Stepping out a layer, this processes an entire composite. First splitting into a queue of tiles, then fire this into 8 threads. Once the queue is processed, sort the candidates, then set a ‘ready to process’ flag for the UI to respond to.

    def loop_composites(): 
        thread.join()
        print("looping composites")
        global readyState, rawComposites, rawImages
        for composite in rawComposites:
            print(composite.date)
            compMinDT = composite.date-timedelta(days=30)
            compMaxDT = composite.date+timedelta(days=30)
            rawImagesFiltered=[i for i in rawImages if (i.exifDT>=compMinDT and i.exifDT<=compMaxDT) or i.exifDT==datetime.datetime(1900, 1, 1, 00, 00)]
            matchThread = threading.Thread(target=check_matches, args=(composite, rawImagesFiltered))
            matchThread.start()
            matchThread.join()

This is the outer layer of the loop. I’ve added in some filtering logic which uses the exif data to say when the photo was taken. All fridge photos are from a 1 month period (aligned to the middle of the month), so I can use the composite date and check for a period either side.
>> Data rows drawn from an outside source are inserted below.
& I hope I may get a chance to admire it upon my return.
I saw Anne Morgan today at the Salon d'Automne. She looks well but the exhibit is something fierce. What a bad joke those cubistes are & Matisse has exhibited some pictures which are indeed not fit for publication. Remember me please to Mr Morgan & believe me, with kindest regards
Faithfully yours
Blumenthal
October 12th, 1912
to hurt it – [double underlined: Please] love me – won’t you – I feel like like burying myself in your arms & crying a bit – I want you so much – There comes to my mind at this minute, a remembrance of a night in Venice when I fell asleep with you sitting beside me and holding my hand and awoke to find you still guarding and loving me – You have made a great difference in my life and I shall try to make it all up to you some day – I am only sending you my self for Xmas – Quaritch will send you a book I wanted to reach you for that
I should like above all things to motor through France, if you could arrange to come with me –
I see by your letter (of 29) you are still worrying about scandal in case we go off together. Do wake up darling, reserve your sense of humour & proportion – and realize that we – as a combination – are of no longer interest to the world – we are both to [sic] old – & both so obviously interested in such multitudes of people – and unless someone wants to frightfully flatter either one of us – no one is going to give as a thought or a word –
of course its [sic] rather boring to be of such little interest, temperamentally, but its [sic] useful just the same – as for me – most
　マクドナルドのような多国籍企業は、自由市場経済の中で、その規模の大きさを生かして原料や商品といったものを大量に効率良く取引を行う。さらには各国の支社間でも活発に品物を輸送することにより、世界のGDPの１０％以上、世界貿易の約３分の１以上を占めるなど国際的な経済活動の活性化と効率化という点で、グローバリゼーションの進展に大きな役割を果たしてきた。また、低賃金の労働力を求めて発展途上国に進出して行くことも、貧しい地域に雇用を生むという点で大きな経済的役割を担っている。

This should reduce the processing if I want to run many months at the same time.

4. The UI

I’ve decided that there’s no way this process will work without a human in the loop – the whole point is to have the correct image at the end!

I’m using Flask to serve a simple web front end which will present the user with the images, and allow them to choose the correct one

On the left you can see the original composite image – you can see that the overall images are a bit skewed, and there’s significant light distortion on the left hand of the image

In the middle is the 1st tile cut from the raw composite

Next is the first match candidate (it’s correct! yay!)

Then is a placeholder for the newly constructed image

5. Loop, complete, stitch and save

Clicking ‘correct’ adds the candidate to the output image array, and pastes the image into the right hand ‘progress’ image

And once all the tiles have a match, the image is saved

6. How did we do

The original reason for creating this program, other than the fun of making it, was to reduce the time it took to create the composites. Let’s consider two metrics:

1. How many images did I need to click through to get to the final composite
2. How many times did the program get the right image first time

With around 100 photos per month, I only needed to check 5-6 of them, and worst case I needed 40 clicks for each of the remaining photos. I think that’s pretty good.